** Listed records follows **

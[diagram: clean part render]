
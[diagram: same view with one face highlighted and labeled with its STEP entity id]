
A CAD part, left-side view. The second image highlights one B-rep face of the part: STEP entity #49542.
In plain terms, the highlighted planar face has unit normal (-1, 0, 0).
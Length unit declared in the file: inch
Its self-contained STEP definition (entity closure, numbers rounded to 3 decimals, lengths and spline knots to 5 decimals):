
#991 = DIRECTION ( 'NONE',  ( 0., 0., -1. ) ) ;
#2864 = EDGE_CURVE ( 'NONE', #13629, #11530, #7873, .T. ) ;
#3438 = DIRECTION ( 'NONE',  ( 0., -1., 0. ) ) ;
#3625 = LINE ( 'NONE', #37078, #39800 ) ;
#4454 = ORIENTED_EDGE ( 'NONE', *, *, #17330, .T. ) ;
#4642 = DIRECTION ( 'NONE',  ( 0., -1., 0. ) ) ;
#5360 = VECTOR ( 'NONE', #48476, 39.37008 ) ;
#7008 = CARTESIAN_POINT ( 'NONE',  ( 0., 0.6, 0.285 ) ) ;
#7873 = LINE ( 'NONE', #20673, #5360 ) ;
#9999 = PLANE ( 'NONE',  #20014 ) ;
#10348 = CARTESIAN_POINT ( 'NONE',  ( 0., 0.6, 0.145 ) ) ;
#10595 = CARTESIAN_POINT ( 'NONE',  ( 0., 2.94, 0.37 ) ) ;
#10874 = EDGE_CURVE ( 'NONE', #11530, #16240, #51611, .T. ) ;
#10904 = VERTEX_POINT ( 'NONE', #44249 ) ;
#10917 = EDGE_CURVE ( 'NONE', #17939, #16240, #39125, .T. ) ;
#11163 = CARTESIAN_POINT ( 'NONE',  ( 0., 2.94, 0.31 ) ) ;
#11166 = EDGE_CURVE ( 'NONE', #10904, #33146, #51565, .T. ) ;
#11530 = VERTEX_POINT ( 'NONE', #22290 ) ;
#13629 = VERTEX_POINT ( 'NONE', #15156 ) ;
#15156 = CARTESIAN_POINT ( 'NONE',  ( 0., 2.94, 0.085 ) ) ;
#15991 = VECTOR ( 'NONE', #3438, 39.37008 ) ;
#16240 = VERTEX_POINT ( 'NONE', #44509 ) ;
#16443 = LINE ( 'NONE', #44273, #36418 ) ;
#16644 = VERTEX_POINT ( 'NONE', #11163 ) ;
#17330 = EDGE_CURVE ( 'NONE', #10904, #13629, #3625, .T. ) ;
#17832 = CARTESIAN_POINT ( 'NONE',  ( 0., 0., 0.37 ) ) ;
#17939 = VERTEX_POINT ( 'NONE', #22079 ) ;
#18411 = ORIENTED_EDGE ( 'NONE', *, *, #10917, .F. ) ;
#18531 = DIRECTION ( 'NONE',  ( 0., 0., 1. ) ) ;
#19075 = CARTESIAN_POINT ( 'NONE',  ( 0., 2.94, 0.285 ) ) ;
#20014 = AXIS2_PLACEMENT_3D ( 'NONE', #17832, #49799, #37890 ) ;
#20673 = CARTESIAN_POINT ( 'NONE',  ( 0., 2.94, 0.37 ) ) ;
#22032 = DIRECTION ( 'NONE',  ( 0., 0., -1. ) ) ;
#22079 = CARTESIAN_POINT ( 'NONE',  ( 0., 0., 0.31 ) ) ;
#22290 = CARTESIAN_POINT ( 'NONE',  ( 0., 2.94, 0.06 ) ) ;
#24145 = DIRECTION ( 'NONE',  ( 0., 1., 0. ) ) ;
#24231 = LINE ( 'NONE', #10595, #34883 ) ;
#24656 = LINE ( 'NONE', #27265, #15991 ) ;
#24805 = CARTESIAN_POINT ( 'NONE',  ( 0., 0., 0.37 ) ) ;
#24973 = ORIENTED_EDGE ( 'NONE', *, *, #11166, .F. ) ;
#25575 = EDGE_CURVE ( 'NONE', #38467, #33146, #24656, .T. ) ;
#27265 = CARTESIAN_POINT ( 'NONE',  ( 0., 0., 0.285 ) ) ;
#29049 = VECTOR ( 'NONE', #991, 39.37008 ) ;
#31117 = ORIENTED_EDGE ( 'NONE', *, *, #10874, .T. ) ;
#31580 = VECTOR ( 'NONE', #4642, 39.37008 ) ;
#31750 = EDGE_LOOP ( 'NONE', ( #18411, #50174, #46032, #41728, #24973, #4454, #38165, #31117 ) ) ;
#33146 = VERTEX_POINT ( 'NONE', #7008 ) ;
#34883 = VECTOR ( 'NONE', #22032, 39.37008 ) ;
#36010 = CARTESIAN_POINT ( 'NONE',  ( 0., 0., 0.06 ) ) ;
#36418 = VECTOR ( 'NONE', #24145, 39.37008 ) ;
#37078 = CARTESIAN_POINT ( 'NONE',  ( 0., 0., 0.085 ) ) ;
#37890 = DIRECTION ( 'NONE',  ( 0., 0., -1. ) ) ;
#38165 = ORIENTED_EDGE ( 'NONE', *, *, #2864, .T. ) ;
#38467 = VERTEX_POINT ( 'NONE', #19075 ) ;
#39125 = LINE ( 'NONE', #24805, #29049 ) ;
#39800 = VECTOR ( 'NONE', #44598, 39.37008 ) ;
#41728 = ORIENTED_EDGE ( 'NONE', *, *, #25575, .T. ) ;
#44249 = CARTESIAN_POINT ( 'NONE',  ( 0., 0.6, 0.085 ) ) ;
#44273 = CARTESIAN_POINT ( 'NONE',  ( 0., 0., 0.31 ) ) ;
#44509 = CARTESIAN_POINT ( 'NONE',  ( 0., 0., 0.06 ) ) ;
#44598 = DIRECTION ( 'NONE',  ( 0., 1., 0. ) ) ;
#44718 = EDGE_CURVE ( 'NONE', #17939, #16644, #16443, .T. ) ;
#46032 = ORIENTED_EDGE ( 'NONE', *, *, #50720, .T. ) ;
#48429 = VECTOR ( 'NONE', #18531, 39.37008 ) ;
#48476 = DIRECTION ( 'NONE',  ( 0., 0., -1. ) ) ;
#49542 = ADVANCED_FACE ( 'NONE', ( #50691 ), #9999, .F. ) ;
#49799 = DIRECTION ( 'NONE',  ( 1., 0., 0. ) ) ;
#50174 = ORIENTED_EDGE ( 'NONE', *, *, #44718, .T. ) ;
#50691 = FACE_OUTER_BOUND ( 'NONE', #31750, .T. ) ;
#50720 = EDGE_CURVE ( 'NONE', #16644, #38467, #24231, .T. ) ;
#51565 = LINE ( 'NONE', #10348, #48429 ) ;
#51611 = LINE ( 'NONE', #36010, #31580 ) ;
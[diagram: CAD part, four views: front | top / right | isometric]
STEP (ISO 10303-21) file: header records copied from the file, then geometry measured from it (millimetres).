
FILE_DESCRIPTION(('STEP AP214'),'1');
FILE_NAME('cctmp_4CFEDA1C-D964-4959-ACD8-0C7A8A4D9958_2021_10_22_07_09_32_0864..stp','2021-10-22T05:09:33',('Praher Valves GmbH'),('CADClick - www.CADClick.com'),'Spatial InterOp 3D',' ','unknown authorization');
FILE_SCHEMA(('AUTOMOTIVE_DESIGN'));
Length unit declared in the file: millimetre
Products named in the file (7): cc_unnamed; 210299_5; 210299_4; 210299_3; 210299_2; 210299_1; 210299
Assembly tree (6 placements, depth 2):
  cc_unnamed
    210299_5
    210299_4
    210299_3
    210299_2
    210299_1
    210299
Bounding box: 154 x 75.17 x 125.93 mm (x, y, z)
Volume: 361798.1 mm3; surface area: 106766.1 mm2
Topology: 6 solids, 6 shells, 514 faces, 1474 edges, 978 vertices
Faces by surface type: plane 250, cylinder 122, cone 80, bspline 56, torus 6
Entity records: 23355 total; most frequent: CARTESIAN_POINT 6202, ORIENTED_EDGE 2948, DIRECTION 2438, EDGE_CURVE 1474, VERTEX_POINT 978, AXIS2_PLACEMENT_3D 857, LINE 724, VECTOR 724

** End of Listed records **
** Listed records follows **

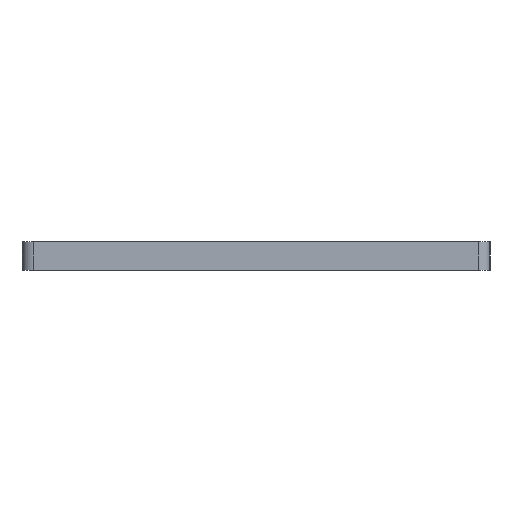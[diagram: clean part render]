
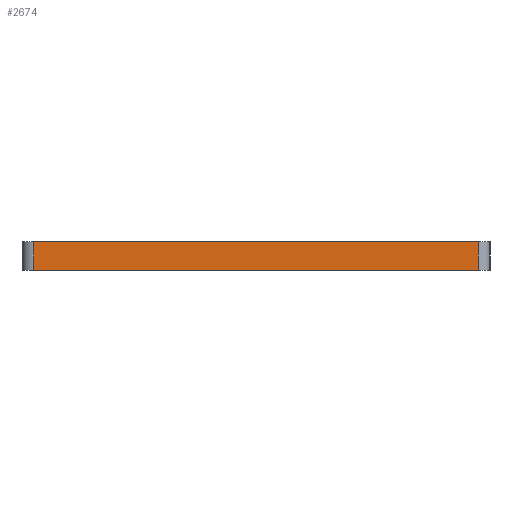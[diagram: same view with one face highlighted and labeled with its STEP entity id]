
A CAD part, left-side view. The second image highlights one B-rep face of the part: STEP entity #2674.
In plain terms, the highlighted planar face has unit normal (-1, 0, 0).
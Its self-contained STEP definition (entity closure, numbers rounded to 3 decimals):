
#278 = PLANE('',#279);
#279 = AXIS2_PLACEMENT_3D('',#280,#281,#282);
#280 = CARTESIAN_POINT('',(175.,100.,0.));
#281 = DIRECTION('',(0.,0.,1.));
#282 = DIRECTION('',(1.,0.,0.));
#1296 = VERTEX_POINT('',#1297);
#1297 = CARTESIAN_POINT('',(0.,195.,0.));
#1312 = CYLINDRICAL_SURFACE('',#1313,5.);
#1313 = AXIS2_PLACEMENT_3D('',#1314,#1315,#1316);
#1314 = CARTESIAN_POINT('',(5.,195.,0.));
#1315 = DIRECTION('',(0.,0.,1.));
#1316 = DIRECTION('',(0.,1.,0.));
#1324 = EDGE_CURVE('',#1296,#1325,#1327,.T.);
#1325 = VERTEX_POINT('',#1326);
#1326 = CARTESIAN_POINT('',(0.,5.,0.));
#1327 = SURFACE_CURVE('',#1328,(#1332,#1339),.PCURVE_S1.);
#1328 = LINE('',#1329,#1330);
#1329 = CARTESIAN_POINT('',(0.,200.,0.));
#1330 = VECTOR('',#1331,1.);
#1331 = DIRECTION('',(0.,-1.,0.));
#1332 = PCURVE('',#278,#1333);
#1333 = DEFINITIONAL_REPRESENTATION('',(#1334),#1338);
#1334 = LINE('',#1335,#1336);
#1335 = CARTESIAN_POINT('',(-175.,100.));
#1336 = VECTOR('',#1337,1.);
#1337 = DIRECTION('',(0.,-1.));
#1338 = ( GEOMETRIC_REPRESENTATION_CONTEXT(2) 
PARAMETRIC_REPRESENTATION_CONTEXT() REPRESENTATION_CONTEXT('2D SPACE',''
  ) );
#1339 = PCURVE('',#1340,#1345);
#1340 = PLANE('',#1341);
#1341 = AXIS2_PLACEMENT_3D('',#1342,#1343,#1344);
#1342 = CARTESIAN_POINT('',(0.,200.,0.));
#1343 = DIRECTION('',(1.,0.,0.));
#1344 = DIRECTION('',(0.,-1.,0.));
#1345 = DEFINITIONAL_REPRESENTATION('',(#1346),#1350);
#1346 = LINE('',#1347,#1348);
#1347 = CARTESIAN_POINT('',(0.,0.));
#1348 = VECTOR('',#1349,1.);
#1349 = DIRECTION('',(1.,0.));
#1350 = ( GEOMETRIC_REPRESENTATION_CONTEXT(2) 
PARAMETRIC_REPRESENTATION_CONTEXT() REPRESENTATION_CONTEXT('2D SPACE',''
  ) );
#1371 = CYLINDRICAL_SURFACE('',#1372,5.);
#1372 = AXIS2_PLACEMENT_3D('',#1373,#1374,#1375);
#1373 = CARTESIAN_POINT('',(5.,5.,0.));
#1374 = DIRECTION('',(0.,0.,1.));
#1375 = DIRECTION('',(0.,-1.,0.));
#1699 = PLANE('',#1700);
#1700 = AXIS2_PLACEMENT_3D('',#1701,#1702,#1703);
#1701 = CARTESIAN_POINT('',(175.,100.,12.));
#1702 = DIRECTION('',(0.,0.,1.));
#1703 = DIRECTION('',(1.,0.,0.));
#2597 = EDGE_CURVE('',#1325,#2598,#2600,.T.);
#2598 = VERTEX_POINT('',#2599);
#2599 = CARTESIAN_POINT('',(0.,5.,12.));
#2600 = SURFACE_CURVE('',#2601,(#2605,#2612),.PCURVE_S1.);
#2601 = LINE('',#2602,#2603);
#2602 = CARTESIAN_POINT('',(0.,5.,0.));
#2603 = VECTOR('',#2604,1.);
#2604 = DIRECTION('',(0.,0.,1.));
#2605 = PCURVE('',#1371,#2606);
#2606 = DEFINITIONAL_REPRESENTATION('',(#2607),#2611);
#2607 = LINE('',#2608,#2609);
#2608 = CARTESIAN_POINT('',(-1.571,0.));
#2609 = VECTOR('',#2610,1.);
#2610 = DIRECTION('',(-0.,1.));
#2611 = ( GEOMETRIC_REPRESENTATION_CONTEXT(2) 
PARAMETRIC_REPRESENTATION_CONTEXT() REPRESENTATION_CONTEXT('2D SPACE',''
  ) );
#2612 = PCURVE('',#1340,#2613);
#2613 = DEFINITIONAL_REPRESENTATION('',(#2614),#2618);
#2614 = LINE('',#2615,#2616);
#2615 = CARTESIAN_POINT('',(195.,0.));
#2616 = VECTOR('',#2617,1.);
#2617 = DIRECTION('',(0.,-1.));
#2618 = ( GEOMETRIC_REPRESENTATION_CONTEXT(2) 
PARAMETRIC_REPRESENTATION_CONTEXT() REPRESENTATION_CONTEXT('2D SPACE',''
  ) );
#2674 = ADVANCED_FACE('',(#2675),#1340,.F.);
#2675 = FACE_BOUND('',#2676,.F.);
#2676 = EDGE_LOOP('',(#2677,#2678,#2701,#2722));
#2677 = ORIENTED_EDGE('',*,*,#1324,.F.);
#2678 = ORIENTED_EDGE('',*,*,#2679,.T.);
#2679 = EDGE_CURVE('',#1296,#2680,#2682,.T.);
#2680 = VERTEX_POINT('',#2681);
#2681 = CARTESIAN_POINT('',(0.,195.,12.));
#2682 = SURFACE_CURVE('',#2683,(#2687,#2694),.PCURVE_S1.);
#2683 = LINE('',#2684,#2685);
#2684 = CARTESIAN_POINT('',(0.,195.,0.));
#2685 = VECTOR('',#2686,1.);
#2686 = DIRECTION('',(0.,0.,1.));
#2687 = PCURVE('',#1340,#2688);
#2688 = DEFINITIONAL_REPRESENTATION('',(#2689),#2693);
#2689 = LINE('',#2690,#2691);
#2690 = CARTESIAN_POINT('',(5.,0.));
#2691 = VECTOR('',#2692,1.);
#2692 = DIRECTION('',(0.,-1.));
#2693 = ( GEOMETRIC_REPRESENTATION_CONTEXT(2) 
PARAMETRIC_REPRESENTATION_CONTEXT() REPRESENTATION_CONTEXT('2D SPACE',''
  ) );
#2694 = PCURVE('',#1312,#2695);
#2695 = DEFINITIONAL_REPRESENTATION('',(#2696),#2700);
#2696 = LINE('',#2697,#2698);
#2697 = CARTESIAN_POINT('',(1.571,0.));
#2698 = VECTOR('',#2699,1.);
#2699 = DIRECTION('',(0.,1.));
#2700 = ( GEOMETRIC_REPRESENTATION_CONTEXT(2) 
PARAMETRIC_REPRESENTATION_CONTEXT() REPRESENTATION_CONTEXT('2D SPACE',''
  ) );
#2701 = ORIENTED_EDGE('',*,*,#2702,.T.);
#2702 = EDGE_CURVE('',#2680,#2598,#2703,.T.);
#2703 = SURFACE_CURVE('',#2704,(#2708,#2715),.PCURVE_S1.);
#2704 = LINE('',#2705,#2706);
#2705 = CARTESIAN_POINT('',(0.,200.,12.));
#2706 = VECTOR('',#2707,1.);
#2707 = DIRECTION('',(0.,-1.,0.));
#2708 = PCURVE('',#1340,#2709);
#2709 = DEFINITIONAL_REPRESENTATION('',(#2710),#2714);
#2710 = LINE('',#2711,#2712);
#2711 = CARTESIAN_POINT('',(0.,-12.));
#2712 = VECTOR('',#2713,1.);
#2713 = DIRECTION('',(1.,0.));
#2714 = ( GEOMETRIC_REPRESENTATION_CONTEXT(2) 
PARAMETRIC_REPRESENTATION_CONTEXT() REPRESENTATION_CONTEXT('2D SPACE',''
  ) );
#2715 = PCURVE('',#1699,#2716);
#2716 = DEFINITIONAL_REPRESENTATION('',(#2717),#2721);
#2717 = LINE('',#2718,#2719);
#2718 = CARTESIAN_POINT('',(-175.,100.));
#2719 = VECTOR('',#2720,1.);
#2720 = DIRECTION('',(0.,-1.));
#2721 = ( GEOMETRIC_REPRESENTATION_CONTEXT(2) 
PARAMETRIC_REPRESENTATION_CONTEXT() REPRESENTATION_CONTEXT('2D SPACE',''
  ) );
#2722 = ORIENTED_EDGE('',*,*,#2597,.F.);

** End of Listed records **

--- Exercise prompt ---
Above are the records; repeat exactly the lines from the one holding "#33146 = VERTEX_POINT ( 'NONE', #7008 ) ;" down to the one holding "#44273 = CARTESIAN_POINT", end lines included.

--- Exercise response ---
#33146 = VERTEX_POINT ( 'NONE', #7008 ) ;
#34883 = VECTOR ( 'NONE', #22032, 39.37008 ) ;
#36010 = CARTESIAN_POINT ( 'NONE',  ( 0., 0., 0.06 ) ) ;
#36418 = VECTOR ( 'NONE', #24145, 39.37008 ) ;
#37078 = CARTESIAN_POINT ( 'NONE',  ( 0., 0., 0.085 ) ) ;
#37890 = DIRECTION ( 'NONE',  ( 0., 0., -1. ) ) ;
#38165 = ORIENTED_EDGE ( 'NONE', *, *, #2864, .T. ) ;
#38467 = VERTEX_POINT ( 'NONE', #19075 ) ;
#39125 = LINE ( 'NONE', #24805, #29049 ) ;
#39800 = VECTOR ( 'NONE', #44598, 39.37008 ) ;
#41728 = ORIENTED_EDGE ( 'NONE', *, *, #25575, .T. ) ;
#44249 = CARTESIAN_POINT ( 'NONE',  ( 0., 0.6, 0.085 ) ) ;
#44273 = CARTESIAN_POINT ( 'NONE',  ( 0., 0., 0.31 ) ) ;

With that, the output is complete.